Ever been to a sake festival and thought: “Hey, I’m having a great time, but I would like to go deeper and really know more about what I’m drinking.”

At the soon-to-happen (July 1-2) first edition of Sake Social, a two-day intimate gathering of sake experts and enthusiasts organised by the same folks behind Sake Matsuri, that’s precisely what you’re gonna get.

Regulars of Sake Matsuri will know exactly how the format goes. A ticket entities you entry to a 3-hour session (12-3pm or 5-8pm), where during that time, you’re free to roam the space and enjoy tasting pours of sakes offered by various vendors.

[Read more: A beginner’s guide to sake]

But unlike the boisterous bustle of previous festivals, Sake Social will take on a much more cosy vibe where you can more freely mingle with fellow sake otakus. Rather than hundreds upon hundreds of festival goers, each session is limited to only around 100 people. This ensures everyone has more time to chat and talk about the sakes being served.

The chosen venue too is a much more elegant and refined space – an air-conditioned private warehouse of an upmarket furniture purveyor located in the Henderson Road area. So feel free to ditch the t-shirt and shorts for your smart casual attire.

Still, it’s the sake programming that really sets a different tone from your usual festivals. You won’t find any crowd pleasing yuzu sakes or run-off-the-mill junmai daiginjos here. In fact, on both days of the festival, there will be different sake styles on showcase.

[Read more: What are natural sakes, and why one man has made purveying it his mission]

On the first day of Sake Social, it’s all about aged versus new sake. Not just about fresh sakes pitted against koshus (aged sakes), explore the intricacies of how modern techniques are inspired by traditional ones, or how heating up a three-year-old sake is also a perfectly great way to enjoy it.

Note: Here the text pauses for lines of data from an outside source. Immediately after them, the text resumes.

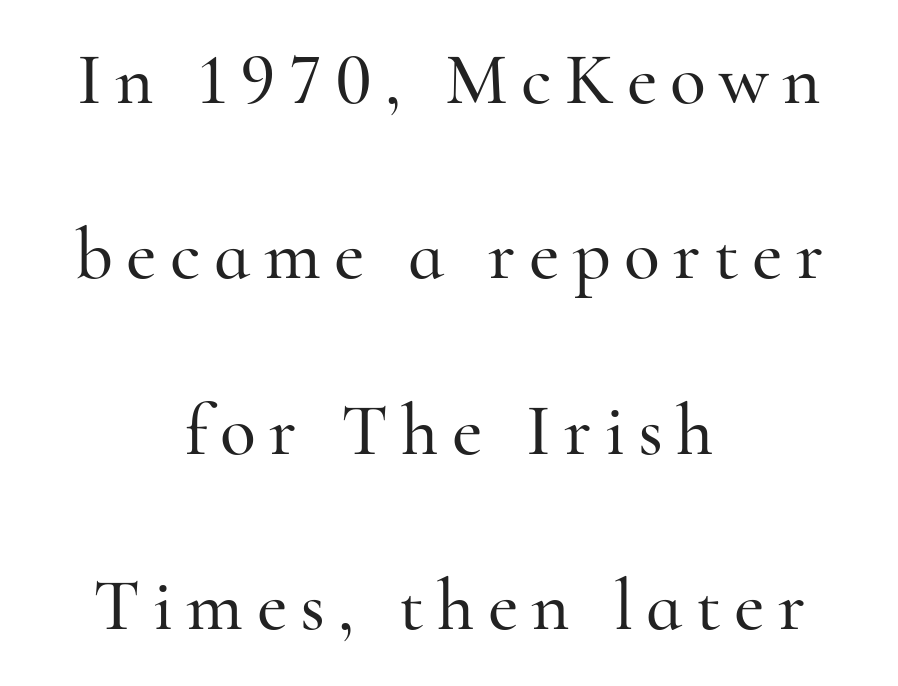
Q: Is the text italic (slanted)? A: No, it is upright.
Q: Is the typeface a serif or a sans-serif typeface? A: Serif.
Q: Is the text underlined? A: No.
Q: How is the paragraph aligned? A: Centered.
Q: Is the spacing between lines tight, normal or loose? A: Loose.
Q: Width (condensed, normal, or wide)? A: Normal.
Q: Stroke contrast? A: High.
Q: x-height? A: Small.
Q: Monospaced? A: No.
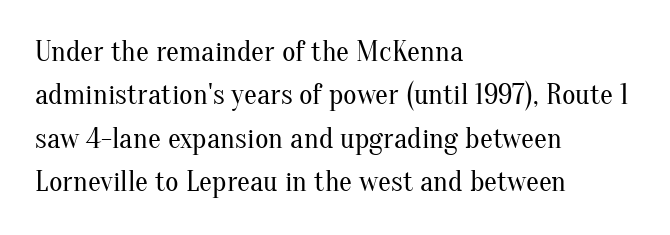
The face used here is rendered with its standard letterfit. Line beginnings align vertically; line endings do not. Think of a printed novel: that variable character pitch is what you see here. Font category for this specimen: serif. The letters look calm and open, with moderate or lighter stems. How would I describe the line gaps? Plain and ordinary.
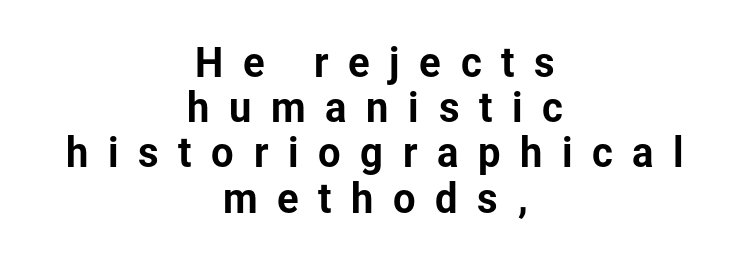
{"serif": "no", "italic": "no", "width": "normal", "stroke_contrast": "low", "x_height": "medium", "monospaced": "no", "underline": "no", "align": "center", "line_spacing": "tight", "line_spacing_ratio": 1.13, "letter_spacing": "wide", "letter_spacing_em": 0.49, "glyph_px": 40}
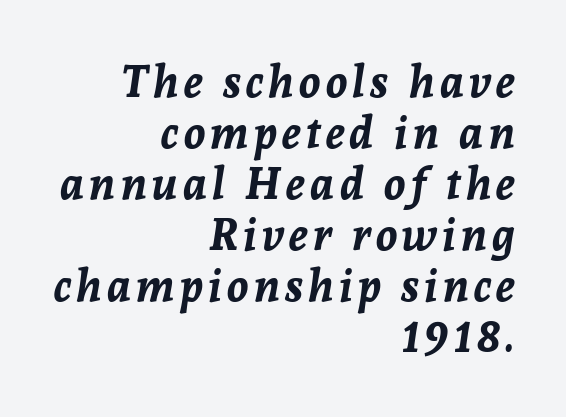
The image shows 44 px bold type, italic (leaning right); set right-aligned, line spacing 1.16x, not underlined; low stroke contrast and a medium x-height.
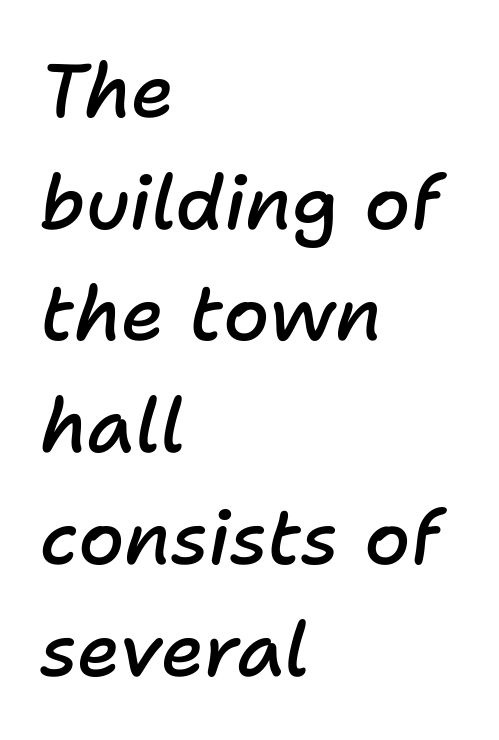
Q: Is the text bold? A: Semi-bold.
Q: Is the text italic (slanted)? A: Yes, it leans right by about 11 degrees.
Q: Is the text underlined? A: No.
Q: How is the paragraph aligned? A: Left-aligned.
Q: Is the spacing between letters normal or unusually wide? A: Normal.
Q: Is the spacing between lines tight, normal or loose? A: Normal.
Q: Width (condensed, normal, or wide)? A: Normal.
Q: Stroke contrast? A: Low.
Q: x-height? A: Medium.
Q: Monospaced? A: No.
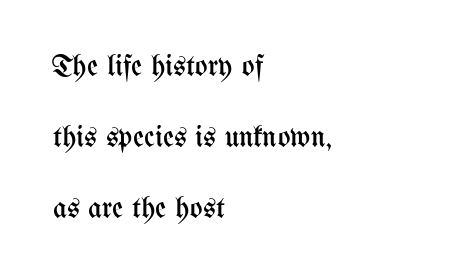
The image shows 30 px regular-weight, condensed type, upright; set left-aligned, loose line spacing (2.37x), normal letter spacing, not underlined; medium stroke contrast and a medium x-height.
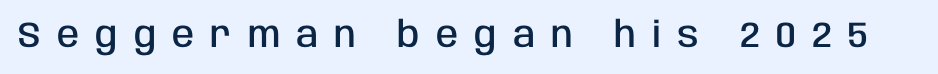
{"serif": "no", "italic": "no", "bold": "semi", "weight": "semibold", "width": "condensed", "stroke_contrast": "low", "x_height": "large", "monospaced": "no", "underline": "no", "letter_spacing": "wide", "letter_spacing_em": 0.45, "glyph_px": 36}
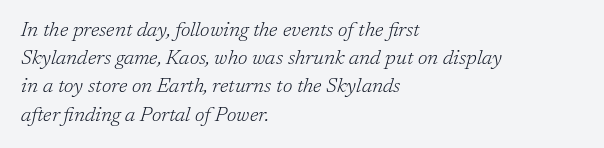
Q: Is the text bold? A: No.
Q: Is the text italic (slanted)? A: Yes, it leans right by about 17 degrees.
Q: Is the text underlined? A: No.
Q: How is the paragraph aligned? A: Left-aligned.
Q: Is the spacing between letters normal or unusually wide? A: Normal.
Q: Is the spacing between lines tight, normal or loose? A: Normal.

The theme for the second day is raw and unfiltered. This will be the place to be for natural sake (including unpasteurised nama sakes and unique junmai) lovers, as well as those who enjoy their nigori (coarsely filtered sake) and doburoku (unfiltered home brew) styles.

It’s also exciting that vendors will not be sectioned according to their own brands. Instead, attendees can expect theme-focused zones, with sake experts and merchants representing different labels working together to bring life to each section.

[Read more: Have sake tasting flights and Miyazaki beef grilled tableside at Ka-EN]

For those worried about having the munchies, do not fret. Easy eats from mod-Sin izakaya The Kongsee will be available too: just in case you didn’t mange to grab lunch or dinner before heading down.

The ideation behind Sake Social came about due to a growing sophistication of drinkers here. “Singapore ranks among the top five export markets of sake in Asia, so there is clearly a strong demand for the beverage here, though sake drinkers are mostly acquainted with a limited range of premium sake,” remarks Kevin Ngan, founder of Sake Social and Sake Matsuri.

“Sake Social will add to that by shining a spotlight on the diversity of sake, introducing more esoteric styles for Singapore’s sophisticated consumers.”

Sake Social takes place July 1-2 at 203 Henderson Road, #04-07 Henderson Industrial Park Wing B, Singapore 159546. Tickets are S$128 per session, or S$228 for a two-session pass (one on each day).

All tickets come inclusive of a Sake Social tote bag and t-shirt, sticker/pin pack, and (for the first 150 ticket holders) a Riedel sake glass.

Exclusively for Spill readers, use code SPILLSOMESAKE for a special discount off the final price.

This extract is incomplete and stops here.